AIM OF THE TASK — In this exercise, write out the data word for word and leave every image out.

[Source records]
+---+
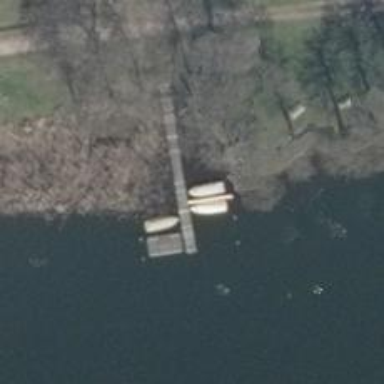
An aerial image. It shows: Man-made pier.
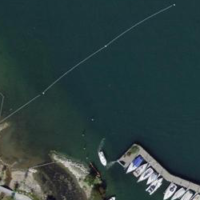
EUNIS habitat code: 14
Species observed at this site:
Chroicocephalus ridibundus
Podiceps cristatus
Cyanistes caeruleus
Cygnus olor
Fulica atra
Anas platyrhynchos
Larus canus
Passer domesticus
Fringilla coelebs
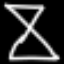
Label: hourglass
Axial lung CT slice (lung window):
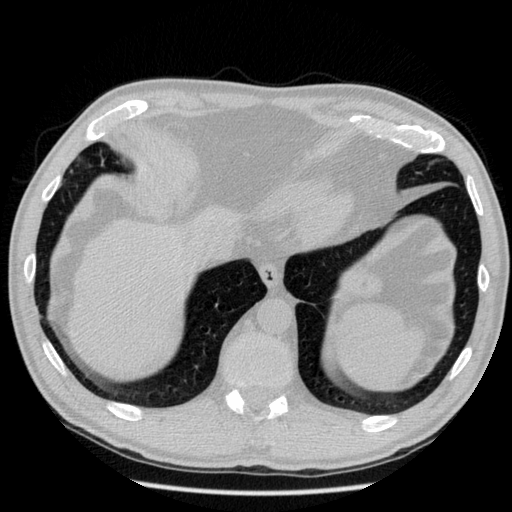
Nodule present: no
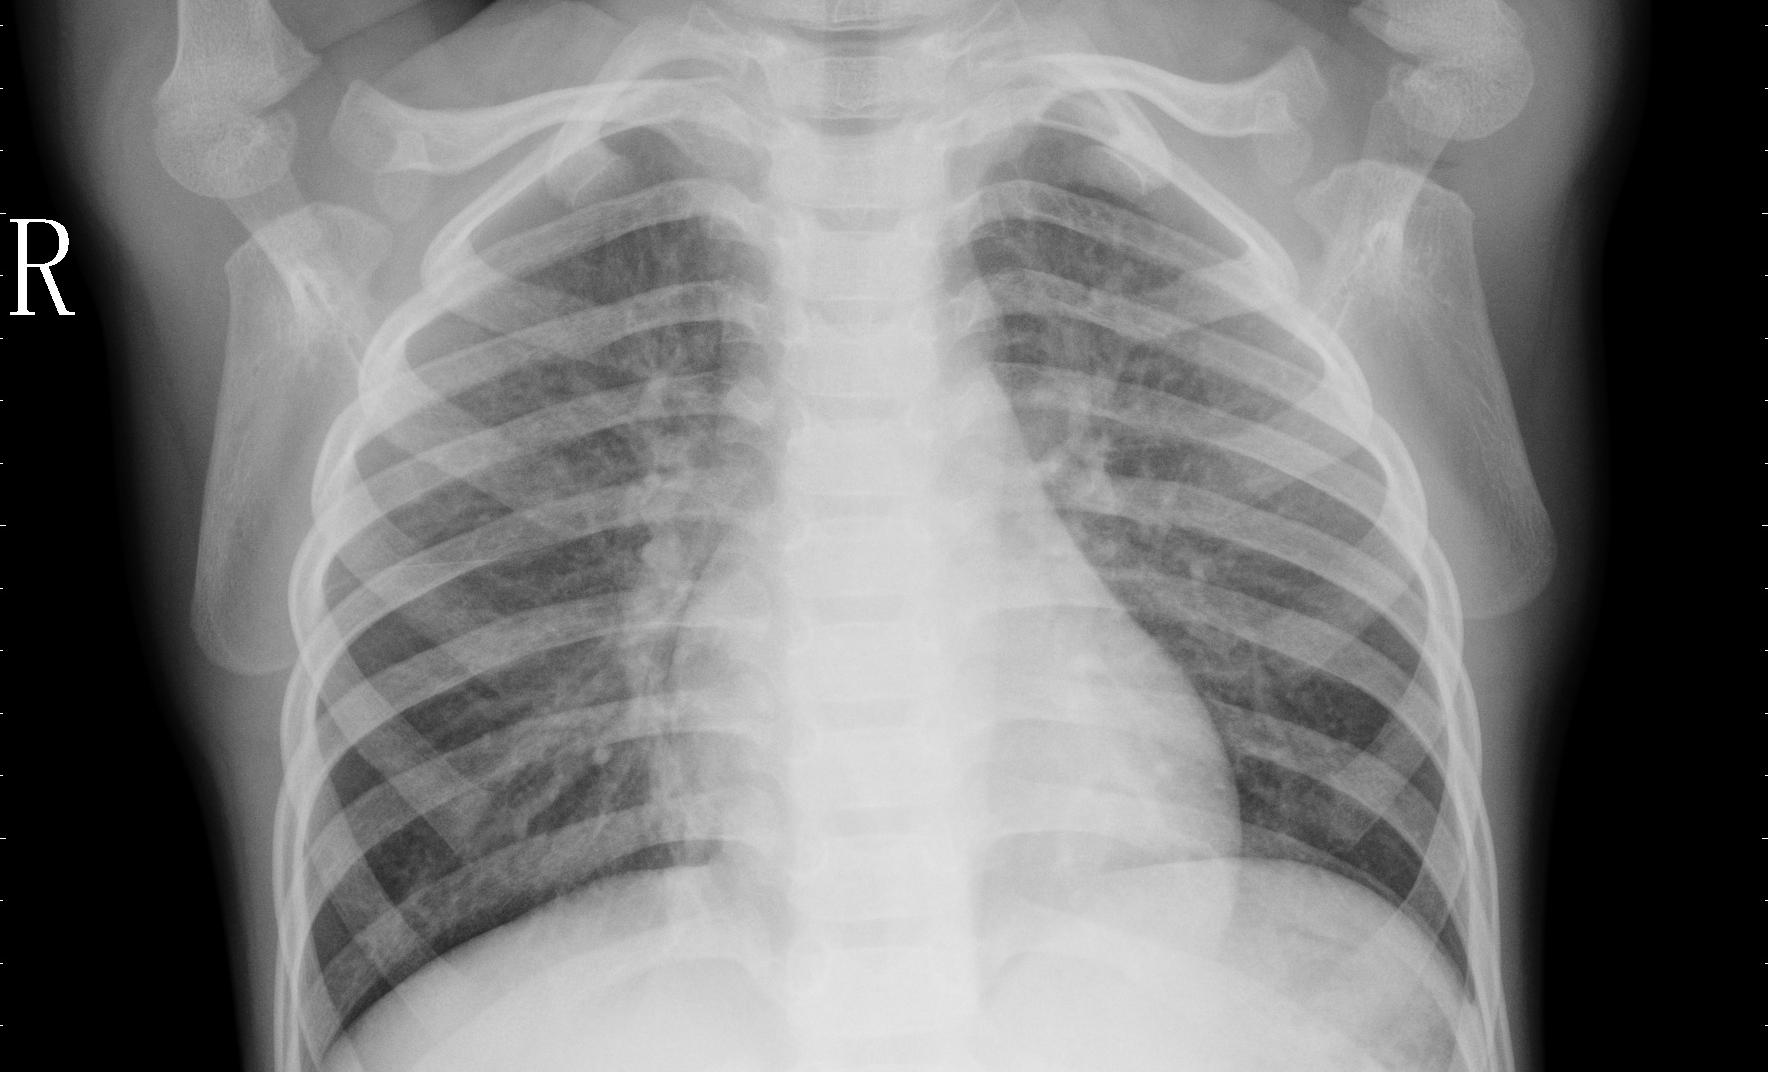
+---+
WRITTEN REPLY —
An aerial image. It shows: Man-made pier.
EUNIS habitat code: 14
Species observed at this site:
Chroicocephalus ridibundus
Podiceps cristatus
Cyanistes caeruleus
Cygnus olor
Fulica atra
Anas platyrhynchos
Larus canus
Passer domesticus
Fringilla coelebs
Label: hourglass
Axial lung CT slice (lung window):
Nodule present: no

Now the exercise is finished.